The control bar is a crucial piece of kitesurfing equipment, enabling the rider to steer the kite, control its power, and execute various maneuvers. One of the design aspects of a control bar is the “V” split point of the front lines. This point refers to where the single front line splits into two lines. There are typically two setups: Low V and High Y. The difference between the two can affect the kite’s performance and feel.

Choosing the correct bar for your kite doesn’t need to be confusing…

Extensive testing has been conducted by the Kitesurfing Magazine test team on this matter. The high-Y kites originally evolved in the past from kites designed around the 5th line safety system. A high Y, if paired with a well-designed bridle, can produce a more pivoty turn. However, with a low V, there’s a more direct turn and less lag in steering. Many also preferred it for teaching, as it allowed the bar to be passed through the lines if the kite summersaulted. A low V tends to gives the kite a more direct feeling. Each system has its own set of advantages and disadvantages. But it’s crucial for designers to fine tune the bridle to align with either the low V or high Y.

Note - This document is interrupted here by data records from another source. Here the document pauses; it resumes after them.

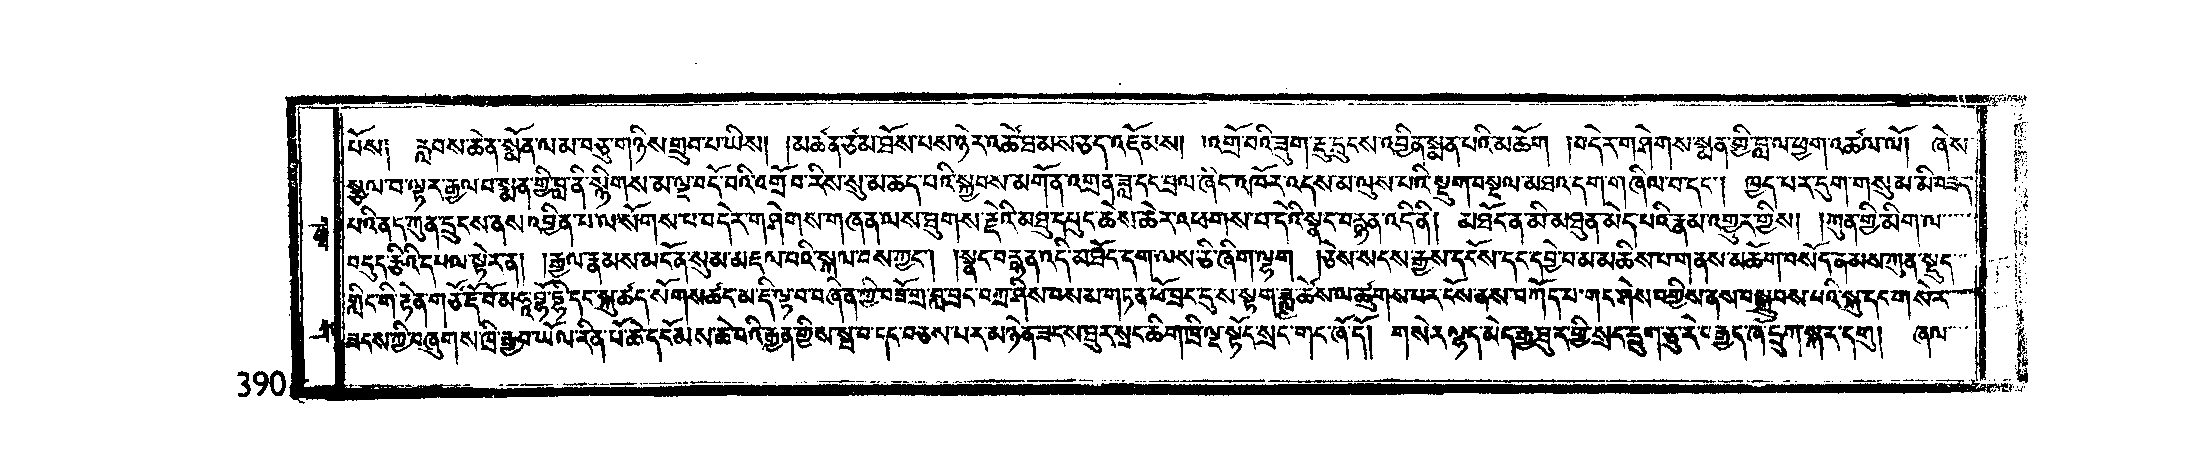པོས། རླབས་ཆེན་སྨོན་ལམ་བཅུ་གཉིས་གྲུབ་པ་ཡིས། །མཚན་ཙམ་ཐོས་པས་ཉེར་འཚེ་ཐམས་ཅད་འཇོམས། །འགྲོ་བའི་ཟུག་རྔུ་དྲུངས་འབྱིན་སྨན་པའི་མཆོག །བདེར་གཤེགས་སྨན་གྱི་བླ་ལ་ཕྱག་འཚལ་ལོ། ཞེས་
སྩལ་བ་ལྟར་རྒྱལ་བ་སྨན་གྱི་བླ་ནི་སྙིགས་མ་ལྔ་བདོ་བའི་འགྲོ་བ་རིས་སུ་མ་ཆད་པའི་སྐྱབས་མགོན་འགྲན་ཟླ་དང་བྲལ་ཞིང་འཁོར་འདས་མ་ལུས་པའི་སྡུག་བསྔལ་མཐའ་དག་གཞིལ་བ་དང་། ཁྱད་པར་དུག་གསུམ་མི་བཟད་
པའི་ནད་ཀུན་དྲུངས་ནས་འབྱིན་པ་ལ་སོགས་པ་བདེར་གཤེགས་གཞན་ལས་ཐུགས་རྗེའི་མཐུ་དཔུང་ཆེས་ཆེར་འཕགས་པ་དེའི་སྣང་བརྙན་འདི་ནི། མཐོང་ན་མི་མཐུན་མེད་པའི་རྣམ་འགྱུར་གྱིས། །ཀུན་གྱི་མིག་ལ་
བདུད་རྩིའི་དཔལ་སྟེར་ན། །རྒྱལ་རྣམས་མངོན་སུམ་མཇལ་བའི་སྐལ་བས་ཀྱང་། །སྣང་བརྙན་འདི་མཐོང་དག་ལས་ཅི་ཞིག་ལྷག །ཅེས་སངས་རྒྱས་དངོས་དང་དབྱེ་བ་མ་མཆིས་པ་གནས་མཆོག་བསོད་ནམས་ཀུན་སྡུད་
གླིང་གི་རྟེན་གཙོ་ཇོ་བོ་མཧཱ་བྷོ་དྷི་དང་སྐུ་ཚད་སོགས་ཚང་མ་ཇི་ལྟ་བ་བཞིན་གྱི་བཟོ་གྲ་བླ་བྲང་བཀྲ་ཤིས་བསམ་གཏན་ཕོ་བྲང་དུ་ས་སྟག་ཟླ་ཚེས་ལ་ཚུགས་པར་ངོས་ནས་བཀོད་པ་གང་ཤེས་བགྱིས་ནས་བསྒྲུབས་པའི་སྐུ་དང་གསེར་
ཟངས་ཀྱི་བཞུགས་ཁྲི་རྒྱབ་ཡོལ་རིན་པོ་ཆེ་དངོམས་ཆེ་བའི་རྒྱན་གྱིས་སྦ་བ་དང་བཅས་པར་མཉེན་ཟངས་ཐུར་སྲང་ཆིག་ཁྲི་ལྔ་སྟོང་སྲང་གང་ཞོ་དོ། གསེར་ལྷད་མེད་རྒྱ་ཐུར་གྱི་སྲང་དྲུག་ཅུ་རེ་བརྒྱད་ཞོ་དྲུག་སྐར་དགུ། ཞལ་
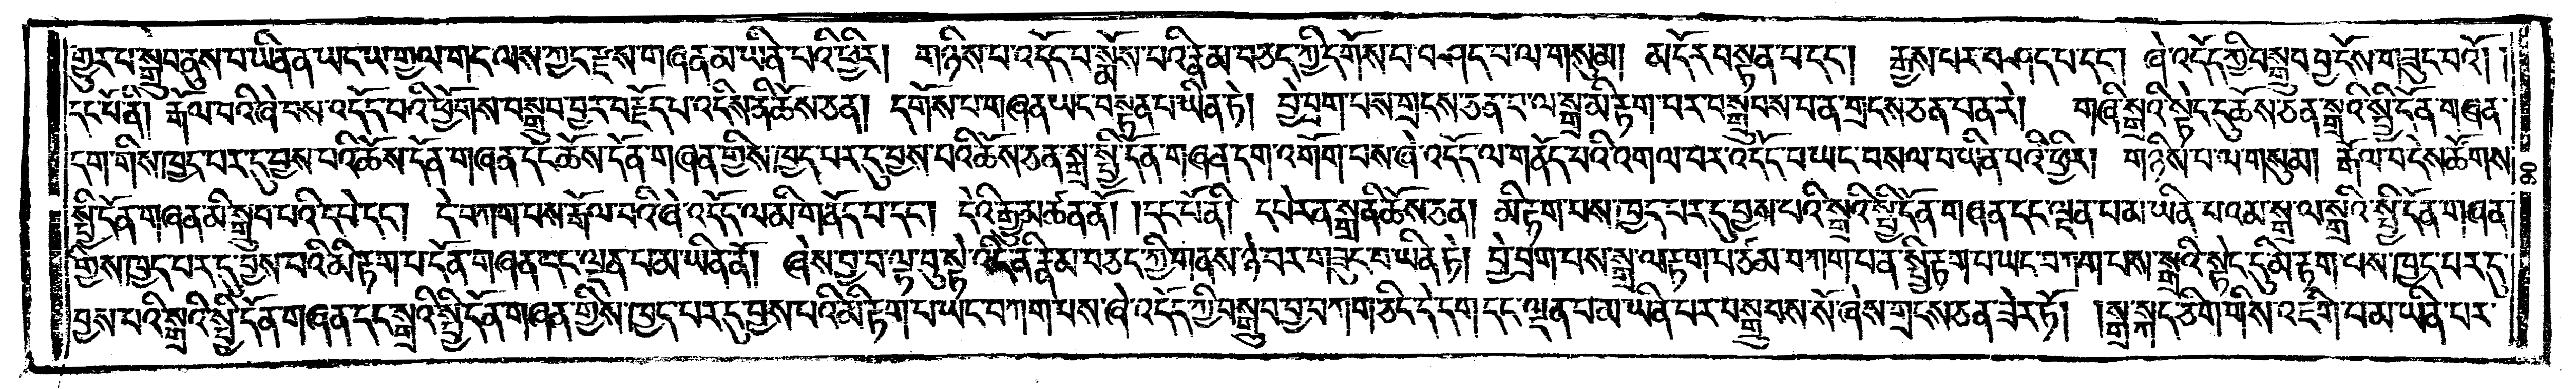གྱུར་པ་སྒྲུབ་ནུས་པ་ཡིན་ན་ཡང་ཡ་གྱལ་གང་ལས་ཀྱང་རྫས་གཞན་མ་ཡིན་པའི་ཕྱིར། གཉིས་པ་འདོད་པ་སྨོས་པའི་རྣམ་བཅད་ཀྱི་དགོས་པ་བཤད་པ་ལ་གསུམ། མདོར་བསྟན་པ་དང་། རྒྱས་པར་བཤད་པ་དང་། ཞེ་འདོད་ཀྱི་བསྒྲུབ་བྱ་ངོས་གཟུང་བའོ། །
དང་པོ་ནི། རྒོལ་བའི་ཞེ་བས་འདོད་པའི་ཕྱོགས་བསྒྲུབ་བྱར་བརྗོད་པ་འདིས་ནི་ཆོས་ཅན། དགོས་པ་གཞན་ཡང་བསྟན་པ་ཡིན་ཏེ། བྱེ་བྲག་པས་གྲངས་ཅན་བ་ལ་སྒྲ་མི་རྟག་པར་བསྒྲུབས་པ་ན་གྲངས་ཅན་པན་རེ། གཞི་སྒྲའི་སྟེང་དུ་ཆོས་ཅན་སྒྲའི་སྦྱི་དོན་གཞན་
དག་གིས་ཁྱད་པར་དུ་བྱས་པའི་ཆོས་དོན་གཞན་དང་ཆོས་དོན་གཞན་གྱིས་ཁྱད་པར་དུ་བྱས་པའི་ཆོས་ཅན་སྒྲ་སྤྱི་དོན་གཞན་དག་འགོག་པས་ཞེ་འདོད་ལ་གནོད་པའི་འགལ་བར་འདོད་པ་ཡང་བསལ་བ་ཡིན་པའི་ཕྱིར། གཉིས་པ་ལ་གསུམ། རྒོལ་བ་དེས་ཚོགས་
སྤྱི་དོན་གཞན་མི་སྒྲུབ་པའི་དཔེ་དང་། དེ་བཀག་པས་རྒོལ་བའི་ཞེ་འདོད་ལ་མི་གནོད་པ་དང་། དེའི་རྒྱུ་མཚན་ནོ། །དང་པོ་ནི། དཔེར་ན་སྒྲ་ནི་ཆོས་ཅན། མི་རྟག་པས་ཁྱད་པར་དུ་བྱས་པའི་སྒྲའི་སྤྱི་དོན་གཞན་དང་ལྡན་པ་མ་ཡིན་པའམ་སྒྲ་ལ་སྒྲའི་སྤྱི་དོན་གཞན་
གྱིས་ཁྱད་པར་དུ་བྱས་པའི་མི་རྟག་པ་དོན་གཞན་དང་ལྡན་པ་མ་ཡིན་ནོ། ཞེས་བྱ་བ་ལྟ་བུ་སྟེ་འདི་ནི་རྣམ་བཅད་ཀྱི་གནས་ཉེ་བར་གཟུང་བ་ཡིན་ཏེ། བྱེ་བྲག་པས་སྒྲ་ལ་རྟག་པ་ཙམ་བཀག་པ་ན་སྤྱི་རྟག་པ་ཡང་བཀག་པས་སྒྲའི་སྟེང་དུ་མི་རྟག་པས་ཁྱད་པར་དུ་
བྱས་པའི་སྒྲའི་སྤྱི་དོན་གཞན་དང་སྒྲའི་སྤྱི་དོན་གཞན་གྱིས་དྑྱད་པར་དུ་བྱས་པའི་མི་རྟག་པ་ཡང་བཀག་པས་ཞེ་འདོད་ཀྱི་བསྒྲུབ་བྱ་བཀག་ཅིང་དེ་དག་དང་ལྡན་པ་མ་ཡིན་པར་བསྒྲུབ་སོ་ཞེས་གྲངས་ཅན་ཟེར་ཏོ། །སྒྲ་སྐད་ཅིག་གིས་འཇིག་བ་མ་ཡིན་པར་
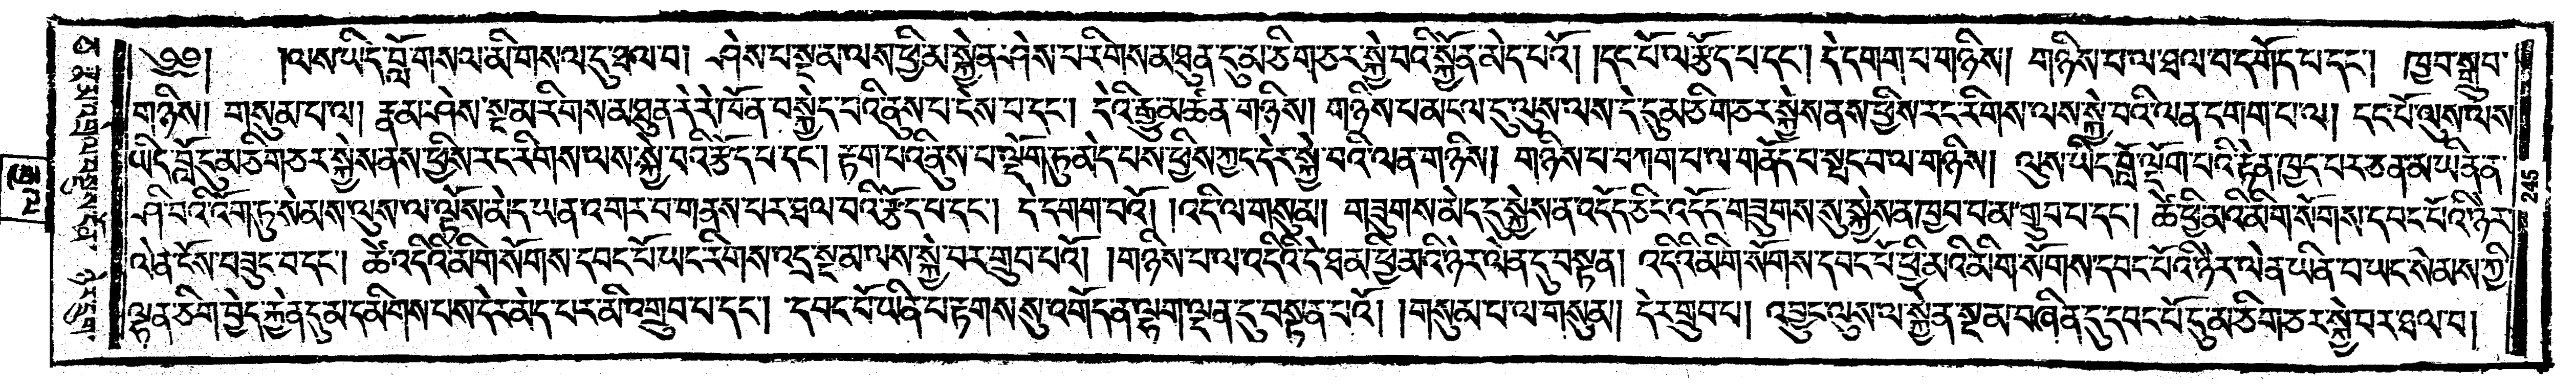༄༅། །ལས་ཡིད་བློ་གསལ་མི་གསལ་དུ་ཐལ་བ། ཤེས་པ་སྔ་མ་ལས་ཕྱི་མ་སྐྱེ་ན་ཤེས་པ་རིགས་མཐུན་དུ་མ་ཅིག་ཅར་སྐྱེ་བའི་སྐྱོན་མེད་པའོ། །དང་པོ་ལ་རྩོད་པ་དང་། དེ་དགག་པ་གཉིས། གཉིས་པ་ལ་ཐལ་བ་དགོད་པ་དང་། ཁྱབ་སྒྲུབ་
གཉིས། གསུམ་པ་ལ། རྣམ་ཤེས་སྔ་མ་རིགས་མཐུན་རེ་རེ་ཁོ་ན་བསྐྱེད་པའི་ནུས་པ་ངེས་པ་དང་། དེའི་རྒྱུ་མཚན་གཉིས། གཉིས་པ་མངལ་དུ་ལུས་ལས་དེ་དུ་མ་ཅིག་ཅར་སྐྱེས་ནས་ཕྱིས་རང་རིགས་ལས་སྐྱེ་བའི་ལན་དགག་པ་ལ། དང་པོ་ལུས་ལས་
ཡིད་བློ་དུ་མ་ཅིག་ཅར་སྐྱེས་ནས་ཕྱིས་རང་རིགས་ལས་སྐྱེ་བའི་རྩོད་པ་དང་། རྟག་པའི་ནུས་པ་ལྡོག་ཏུ་མེད་པས་ཕྱིས་ཀྱང་དེར་སྐྱེ་བའི་ལན་གཉིས། གཉིས་པ་བཀག་པ་ལ་གནོད་པ་སྤང་བ་ལ་གཉིས། ལུས་ཡིད་བློ་ལྡོག་པའི་རྟེན་ཁྱད་པར་ཅན་མ་ཡིན་ན་
ཤི་བའི་འོག་ཏུ་སེམས་ལུས་ལ་ལྟོས་མེད་ཡན་འགར་བ་གནས་པར་ཐལ་བའི་རྩོད་པ་དང་། དེ་དགག་པའོ། །འདི་ལ་གསུམ། གཟུགས་མེད་དུ་སྐྱེས་ན་འདོད་ཅིང་འདོད་གཟུགས་སུ་སྐྱེས་ན་ཁྱབ་པ་མ་གྲུབ་པ་དང་། ཚེ་ཕྱི་མའི་མིག་སོགས་དབང་པོའི་ཉེར་
ལེན་ངོས་བཟུང་བ་དང་། ཚེ་འདིའི་མིག་སོགས་དབང་པོ་ཡང་རིགས་འདྲ་སྔ་མ་ལས་སྐྱེ་བར་གྲུབ་པའོ། །གཉིས་པ་ལ་འདིའི་དེ་ཐ་མ་ཕྱི་མའི་ཉེར་ལེན་དུ་བསྟན། འདིའི་མིག་སོགས་དབང་པོ་ཕྱི་མའི་མིག་སོགས་དབང་པོའི་ཉེར་ལེན་ཡིན་པ་ཡང་སེམས་ཀྱི་
ལྷན་ཅིག་བྱེད་རྐྱེན་དུ་མ་དམིགས་པས་དེར་མེད་པར་མི་འགྲུབ་པ་དང་། དབང་པོ་ཡིན་པ་རྟགས་སུ་འགོད་ན་ལྷག་ལྡན་དུ་བསྟན་པའོ། །གསུམ་པ་ལ་གསུམ། དེར་གྲུབ་པ། འབྱུང་ལུས་ལ་སྐྱེ་ན་སྔ་མ་བཞིན་དུ་དབང་པོ་དུ་མ་ཅིག་ཅར་སྐྱེ་བར་ཐལ་བ།
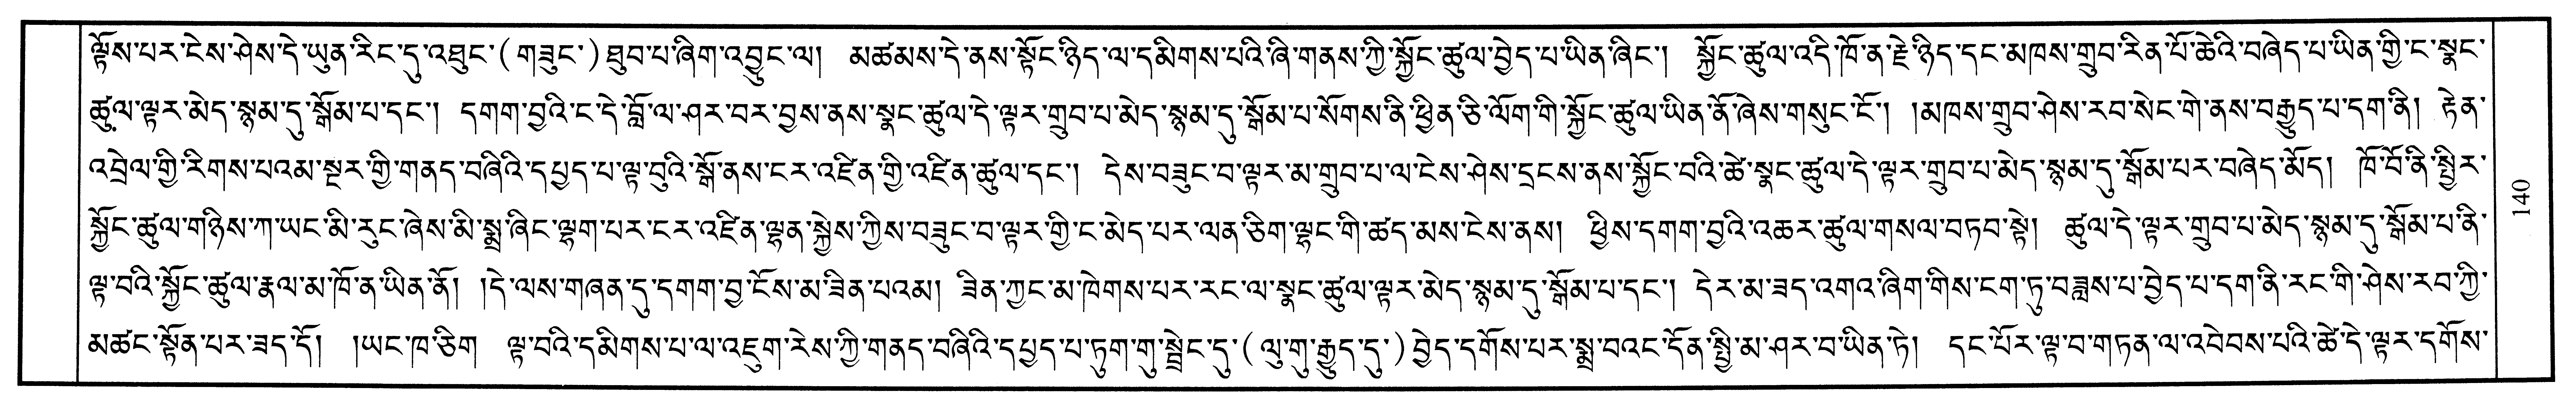ལྟོས་སྤར་ངེས་ཤེས་དེ་ཡུན་རིང་དུ་འཐུང་གཟུང་ཐུབ་པ་ཞིག་འབྱུང་ལ། མཚམས་དེ་ནས་སྟོང་ཉིད་ལ་དམིགས་པའི་ཞི་གནས་ཀྱི་སྐྱོང་ཚུལ་བྱེད་པ་ཡིན་ཞིང་། སྐྱོང་ཚུལ་འདི་ཁོ་ན་རྗེ་ཉིད་དང་མཁས་གྲུབ་རིན་པོ་ཆེའི་བཞེད་པ་ཡིན་གྱི་ང་སྣང་
ཚུལ་ལྟར་མེད་སྙམ་དུ་སྒོམ་པ་དང་། དགག་བྱའི་ང་དེ་བློ་ལ་ཤར་བར་བྱས་ནས་སྣང་ཚུལ་དེ་ལྟར་གྲུབ་པ་མེད་སྙམ་དུ་སྒོམ་པ་སོགས་ནི་ཕྱིན་ཅི་ལོག་གི་སྐྱོང་ཚུལ་ཡིན་ནོ་ཞེས་གསུང་ངོ། །མཁས་གྲུབ་ཤེས་རབ་སེང་གེ་ནས་བརྒྱུད་པ་དག་ནི། རྟེན་
འབྲེལ་གྱི་རིགས་པའམ་སྔར་གྱི་གནད་བཞིའི་དཔྱད་པ་ལྟ་བུའི་སྒོ་ནས་ངར་འཛིན་གྱི་འཛིན་ཚུལ་དང་། དེས་བཟུང་བ་ལྟར་མ་གྲུབ་པ་ལ་ངེས་ཤེས་དྲངས་ནས་སྐྱོང་བའི་ཚེ་སྣང་ཚུལ་དེ་ལྟར་གྲུབ་པ་མེད་སྙམ་དུ་སྒོམ་པར་བཞེད་མོད། ཁོ་བོ་ནི་སྤྱིར་
སྐྱོང་ཚུལ་གཉིས་ཀ་ཡང་མི་རུང་ཞེས་མི་སྨྲ་ཞིང་ལྷག་པར་ངར་འཛིན་ལྷན་སྐྱེས་ཀྱིས་བཟུང་བ་ལྟར་གྱི་ང་མེད་པར་ལན་ཅིག་ལྷང་གི་ཚད་མས་ངེས་ནས། ཕྱིས་དགག་བྱའི་འཆར་ཚུལ་གསལ་བཏབ་སྟེ། ཚུལ་དེ་ལྟར་གྲུབ་པ་མེད་སྙམ་དུ་སྒོམ་པ་ནི་
ལྟ་བའི་སྐྱོང་ཚུལ་རྣལ་མ་ཁོ་ན་ཡིན་ནོ། །དེ་ལས་གཞན་དུ་དགག་བྱ་ངོས་མ་ཟིན་པའམ། ཟིན་ཀྱང་མ་ཁེགས་པར་རང་ལ་སྣང་ཚུལ་ལྟར་མེད་སྙམ་དུ་སྒོམ་པ་དང་། དེར་མ་ཟད་འགའ་ཞིག་གིས་ངག་ཏུ་བཟླས་པ་བྱེད་པ་དག་ནི་རང་གི་ཤེས་རབ་ཀྱི་
མཚང་སྟོན་པར་ཟད་དོ། །ཡང་ཁ་ཅིག །ལྟ་བའི་དམིགས་པ་ལ་འཇུག་རེས་ཀྱི་གནད་བཞིའི་དཔྱད་པ་ཏུག་གུ་སྦྲེང་དུ་ལུ་གུ་རྒྱུད་དུ་བྱེད་དགོས་པར་སྨྲ་བའང་དོན་སྤྱི་མ་ཤར་བ་ཡིན་ཏེ། དང་པོར་ལྟ་བ་གཏན་ལ་འབེབས་པའི་ཚེ་དེ་ལྟར་དགོས་

Using a kite designed for a low V with a high Y bar will result in the tips being pulled in. While this makes it faster, it can cause erratic behavior, leading to a loss of power and giving it an odd behavior. 

Here’s a breakdown:

  1. Low V Bar:
    • Description: The front lines split closer to the bar.
    • Pros:
      • Safety System: Low V bars usually allow for a single front line safety system, meaning when you activate the safety, the kite will flag out on one front line, causing it to lose power quickly and safely.
      • Light Wind Relaunch: Having the front lines within easy reach, makes ultra light wind relaunches more accessible for advanced level riders.
      • Bar Pressure: Typically, Low V bars can give a kite a more direct feel, with great positional feedback.
      • Compatibility: Low V bars are generally more compatible with a wider variety of kites across different brands.
    • Cons:
      • Turning: The kite might have a slightly slower turning speed compared to a high V setup.

  1. High Y Bar:
    • Description: The front lines split further away from the bar, closer to the kite.
    • Pros:
      • Turning Speed: High V bars often result in a quick more pivotal turn.
      • Bar Feel: The kite can feel more lively and responsive.
      • Bar Pressure: Some riders feel that high V setups provide lighter bar pressure.
    • Cons: Less direct feedback. Bar can’t be passed through lines if kite summersaults during a crash.
      • Safety System: Many of the older high Y systems used a dual front-line safety system, making self-landing more difficult. Modern high Y bars, since 2018, have switched to a single flagging line. Recent high Y bars that we have recently tested include the Core Sensor 3 & 3S, the Duotone Click Bar, and F-One Linx.
      • Compatibility: High V bars might not be as universally compatible across different kite brands as low V bars, as the height of the Y varies between brands.

When choosing between a Low V and a High V bar, it’s essential to match the V or Y with your kite model. It’s also crucial to ensure that the bar setup is compatible with the kite you’re using, as mismatches can lead to safety and performance issues. Be sure the larks heads on the centre lines and back flying lines are compatible with your kite, most bars ship with extra larks head connectors so they can be more easily compatible with other kites .

The Duotone V-Distributor III can be adjusted easily, allowing you to set the front line to split quickly. It can also be removed entirely, very easily, so you can have a very low V. This makes the Click Bar compatible with most kites on the market.